Transparent objects include:
- ship thrusters
- light billboards
- lasers
- shield effects
- glass cockpits
- planet rings
- star halos
Theory:
- Do a collection pass, frustum cull and collect all objects to "bins" or "buckets"
- Depth write on, depth testing on. Sort and draw opaque objects, preferably front to back
- Depth write off, depth testing on. Sort and draw transparent objects, back to front
Step 2 will not work, since bodies are currently drawn back to front. After drawing distant planets, or when shaders are off, the depth buffer is cleared. If this is still necessary to do, object drawing needs to be separated into two phases (after Background is drawn):
- Draw far objects: planets and their rings, stars. Depth will be cleared during this.

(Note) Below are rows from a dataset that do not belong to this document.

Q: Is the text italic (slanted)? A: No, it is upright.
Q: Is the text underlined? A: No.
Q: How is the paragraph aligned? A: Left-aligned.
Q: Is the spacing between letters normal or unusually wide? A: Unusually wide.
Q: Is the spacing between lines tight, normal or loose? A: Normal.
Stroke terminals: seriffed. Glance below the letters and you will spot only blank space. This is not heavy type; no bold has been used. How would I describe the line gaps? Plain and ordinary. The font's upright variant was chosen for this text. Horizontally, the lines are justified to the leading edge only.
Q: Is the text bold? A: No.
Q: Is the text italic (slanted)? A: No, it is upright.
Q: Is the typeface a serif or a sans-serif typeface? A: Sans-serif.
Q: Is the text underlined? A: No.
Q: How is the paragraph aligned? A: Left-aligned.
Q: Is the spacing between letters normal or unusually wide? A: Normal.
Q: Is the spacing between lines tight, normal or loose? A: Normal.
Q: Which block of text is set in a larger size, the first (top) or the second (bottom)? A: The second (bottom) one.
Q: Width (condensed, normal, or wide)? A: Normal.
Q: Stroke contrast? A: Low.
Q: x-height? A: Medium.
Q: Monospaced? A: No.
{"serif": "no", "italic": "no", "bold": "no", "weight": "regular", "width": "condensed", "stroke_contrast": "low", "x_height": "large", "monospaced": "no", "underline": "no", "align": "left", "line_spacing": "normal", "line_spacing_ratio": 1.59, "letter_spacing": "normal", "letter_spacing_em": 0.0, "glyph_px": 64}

- Draw closer objects: cities, ships, lasers
Pass camera to all renderable objects:
void Body::Render(Camera* camera, ...) { //instead of immediate drawing, add Graphic objects to be drawn later //calculate transformations here camera->opaqueBucket.Add(Graphic(...)) camera->transBucket.Add(Graphic(...)) }
Notes for optimization
A smarter structure will also allow for some optimizations - someday.
State sorting
Objects can be sorted by material or material properties. When everything uses Materials the Renderer will avoid some state switches by comparing material pointers. Example: thrusters all use the same material.
Early Z
In theory, depth testing can be done as soon as a vertex shader finishes. This can avoid running costly fragment shaders for invisible fragments. However Pioneer cannot benefit from this since all fragment shaders calculate a custom depth - the shader needs to be fully run before the final depth is known. It's not too bad, since we don't have that much overdraw - mostly the player is seeing black space.
In any case, the problem can be worked around with a Z prepass - render all objects using a shader that only does the depth calculation, then turn depth write off and draw the objects again with the usual fragment shader (but without gl_FragDepth).

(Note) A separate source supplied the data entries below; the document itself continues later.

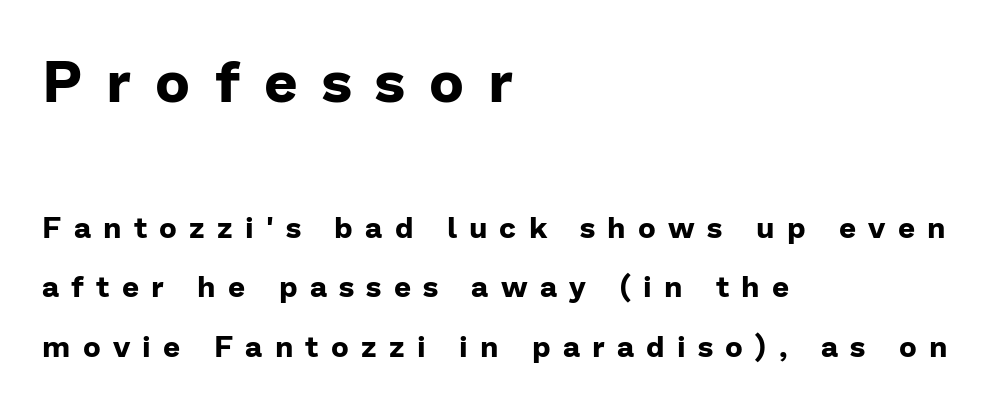
Honestly, the letter spacing is so wide it's the main thing you notice. The area under the type is left untouched. You could not count columns in this text — the font is proportionally spaced. Line starts are locked; line ends wander.
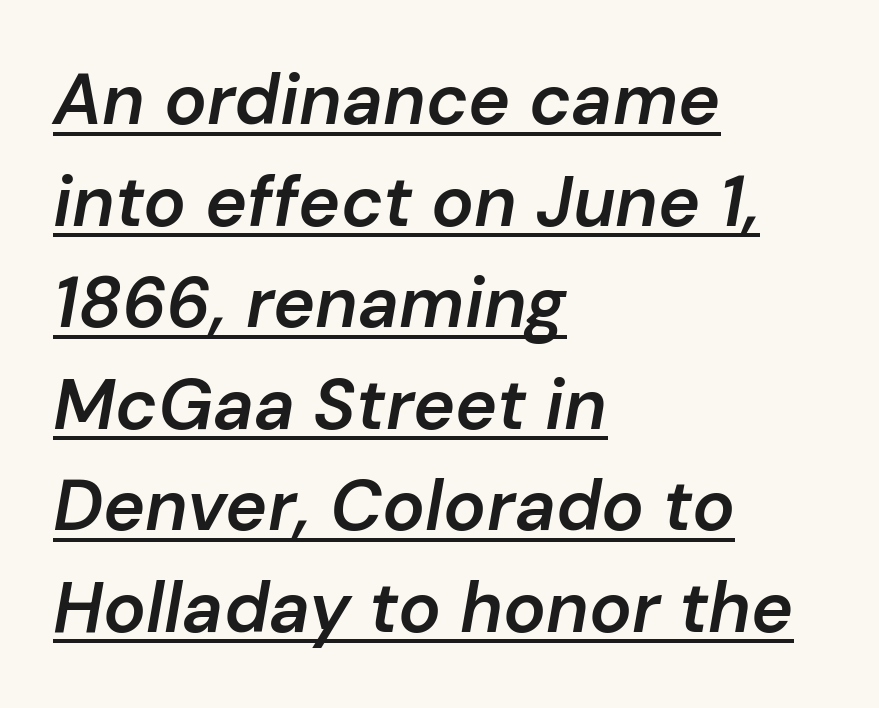
Does the lettering tilt? It does — this is italic. These lines keep a tight, regular rhythm from letter to letter. A semibold gives these letters moderate extra thickness, short of bold. Character widths vary here, with narrow letters taking less room than wide ones. What's the leading like? Ordinary, nothing unusual. The rendering uses the underline text-decoration.
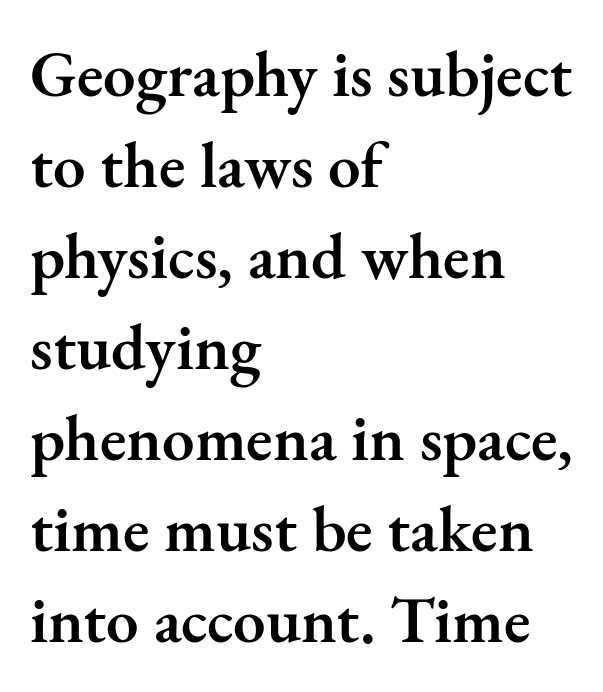
{"serif": "yes", "italic": "no", "bold": "semi", "weight": "semibold", "width": "normal", "stroke_contrast": "medium", "x_height": "small", "monospaced": "no", "underline": "no", "align": "left", "line_spacing": "normal", "line_spacing_ratio": 1.4, "letter_spacing": "normal", "letter_spacing_em": 0.0, "glyph_px": 65}
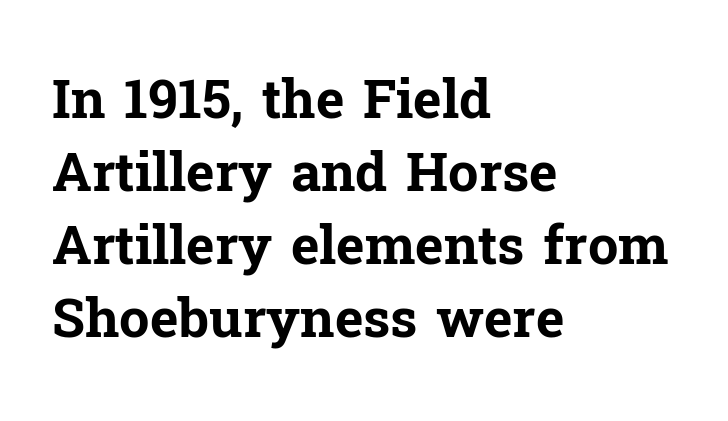
This is roman type, the default non-slanted kind. Summary of weight: heavy, a full bold. You can tell from the footed stems that serif type was used. All the whitespace from short lines collects on the right. Letter spacing: default. The letters advance in unequal steps, a hallmark of proportional type.
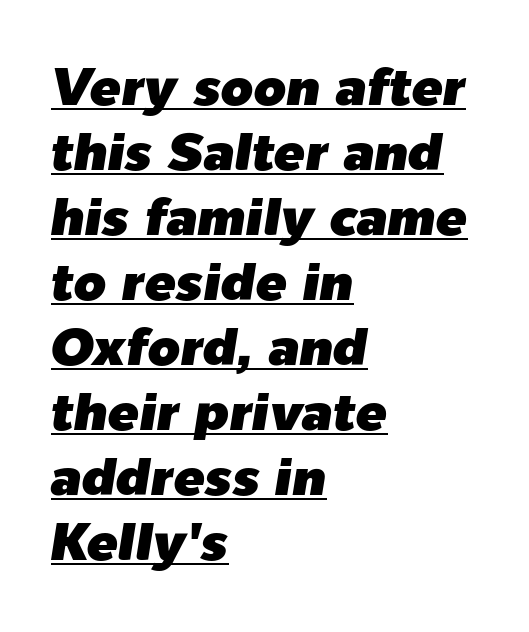
Compared with undecorated copy, this sample adds a rule below the words. Casual observation: everything's shoved over to the left. The passage shown leans; its letterforms are oblique. Short note: letters normally spaced. Varying glyph widths throughout — classic text-font behaviour. Honestly, the row spacing looks completely unremarkable.
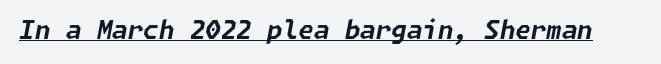
{"italic": "yes", "lean": "right", "slant_degrees": 11, "bold": "yes", "underline": "yes", "letter_spacing": "normal", "letter_spacing_em": 0.0, "glyph_px": 25}
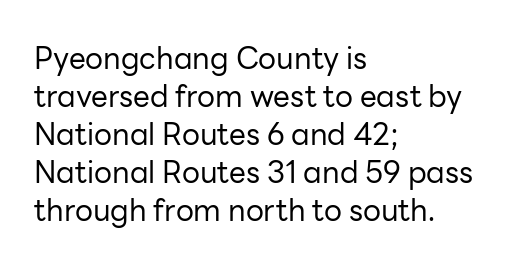
{"serif": "no", "italic": "no", "bold": "no", "weight": "regular", "width": "normal", "stroke_contrast": "low", "x_height": "medium", "monospaced": "no", "underline": "no", "align": "left", "line_spacing": "normal", "line_spacing_ratio": 1.27, "letter_spacing": "normal", "letter_spacing_em": 0.0, "glyph_px": 30}
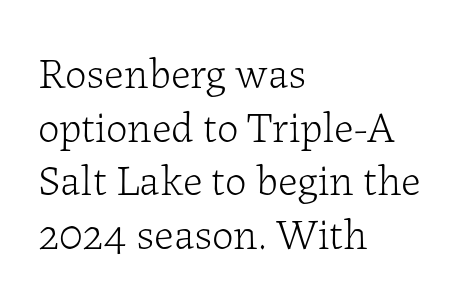
The image shows 43 px light serif type, upright; set left-aligned, normal line spacing (1.25x), normal letter spacing, not underlined; low stroke contrast and a medium x-height.
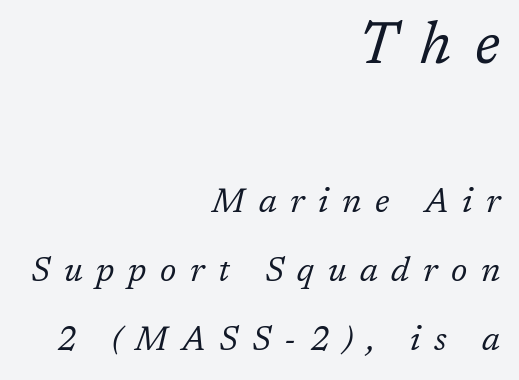
The image shows 59 px regular-weight serif type, italic (leaning right); set right-aligned, loose line spacing (2.04x), unusually wide letter spacing (+0.4 em), not underlined; the first (top) block is 1.74x larger; low stroke contrast and a medium x-height.
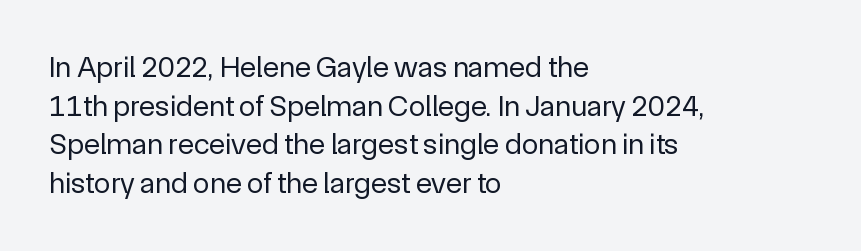
The image shows 30 px regular-weight sans-serif type, upright; set left-aligned, normal line spacing (1.29x), normal letter spacing, not underlined; a medium x-height.

We might see the benefit in cities with many, complex buildings.
Batching
To reduce the number of glDraw* calls, simple objects (thrusters, effect quads) can be copied into temporary vertex buffers (check identical materials again), and then drawn at once. Note thrusters, lasers are additively blended and do not have to be individually sorted.
New notes (2013)
Planets mix opaque and transparent geometry. Since zbuffer is cleared after rendering a faraway planet, the planet's surface, rings and atmosphere need to be rendered in one go.
Models may mix opaque and transparent geometry. Such models need to be therefore drawn twice, with the appropriate node masks used during draw traversal. A special visitor should be used to update the nodemasks to prevent unnecessary traversal as high as possible (matrix transform with transparent children should be marked transparent).